Additionally, we build and maintain critical AI context infrastructure, including:
- AI Context Abstraction Layer: A unified interface for Retrieval Augmented Generation (RAG) across multiple vector databases (Elasticsearch, OpenSearch, PostgreSQL with pgvector), enabling AI features to work regardless of underlying storage
- GitLab Zoekt: GitLab’s scalable exact code search service and file-based database system, with flexible architecture supporting various AI context use cases beyond traditional search. It’s built on top of open-source code search engine Zoekt.

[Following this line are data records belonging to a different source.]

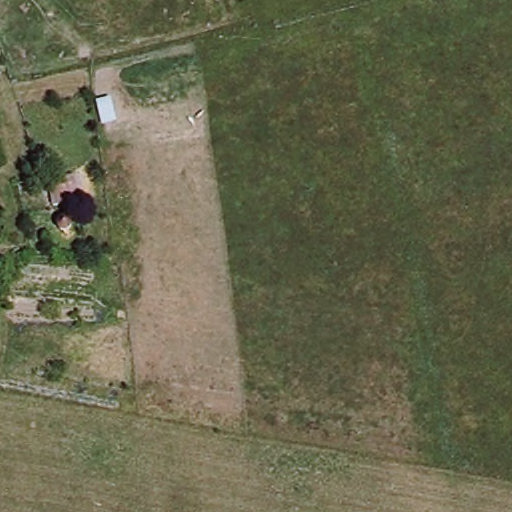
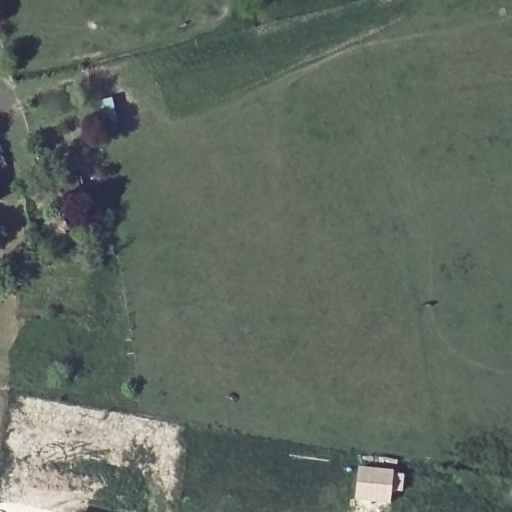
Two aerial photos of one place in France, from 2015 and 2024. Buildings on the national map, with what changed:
new [(358,469),(393,473),(389,502),(355,499),(358,469)]

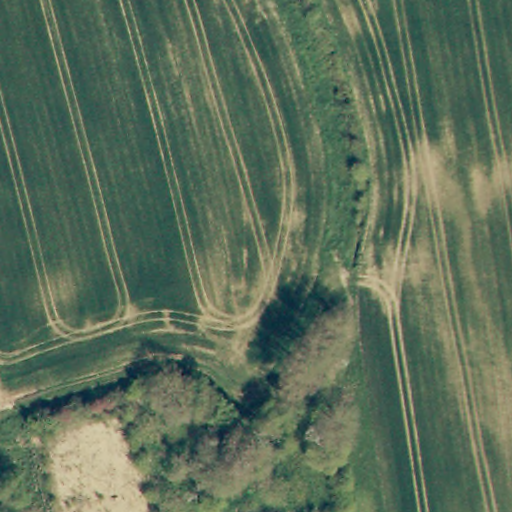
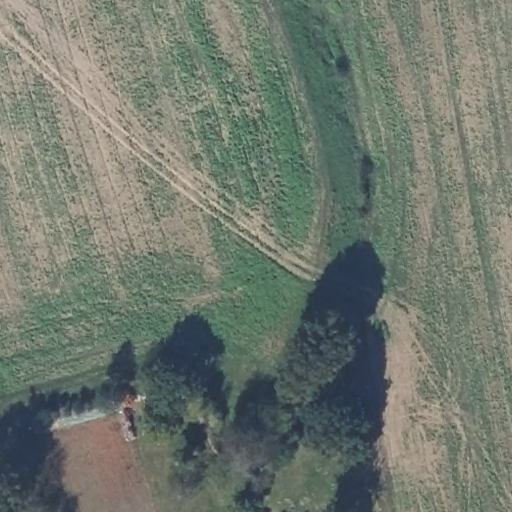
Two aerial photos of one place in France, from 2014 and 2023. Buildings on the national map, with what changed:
[]

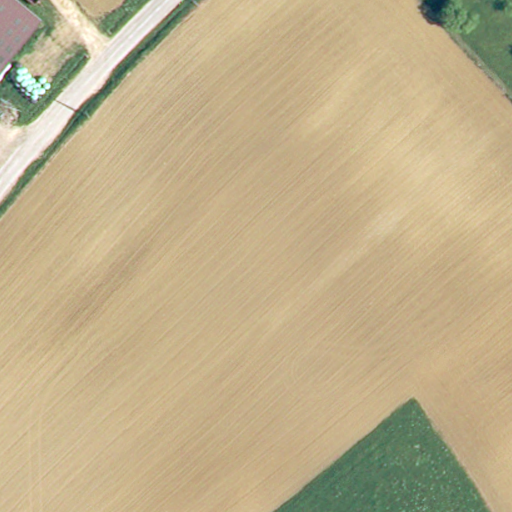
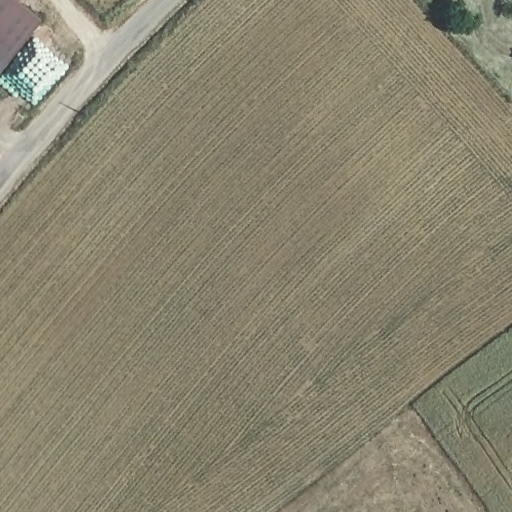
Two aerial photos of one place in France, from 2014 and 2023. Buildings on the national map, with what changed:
unchanged [(16,0),(39,19),(0,67),(0,0),(16,0)]

These systems will be fundamental to providing high-quality context for AI features via Retrieval Augmented Generation work, which includes:
- Identifying and preparing new useful data for our AI-powered features in collaboration with feature teams and the AI Framework team
- Storing vector embeddings of epics, issues, MRs, source code, and more
- Providing retrieval APIs for those vector embeddings, metadata filtering, and ensuring permissions are enforced
- Enabling fast, precise code search and context retrieval essential for AI context
This team doesn’t own custom searches for specific features, such as the “filter bar” on issues which is part of the Issue Tracking category owned by the Project Management group.
Team Members
The following team members are permanent members of the Global Search Group:
Stable Counterparts
The following members of other functional teams are our stable counterparts:
Name | Role |
---|---|
Ben Venker | Senior Product Manager, Global Search |
Ashraf Khamis | Senior Technical Writer |
Cleveland Bledsoe Jr | Senior Support Engineer |
Brenda Nyaringita | Support Engineer(EMEA) |
Shared Responsibilities
The Global Search team shares responsibilites with the AI Framework team in the area of (RAG). Specifically, we will collaborate in the data preparation stage and information retrieval stage of the RAG process.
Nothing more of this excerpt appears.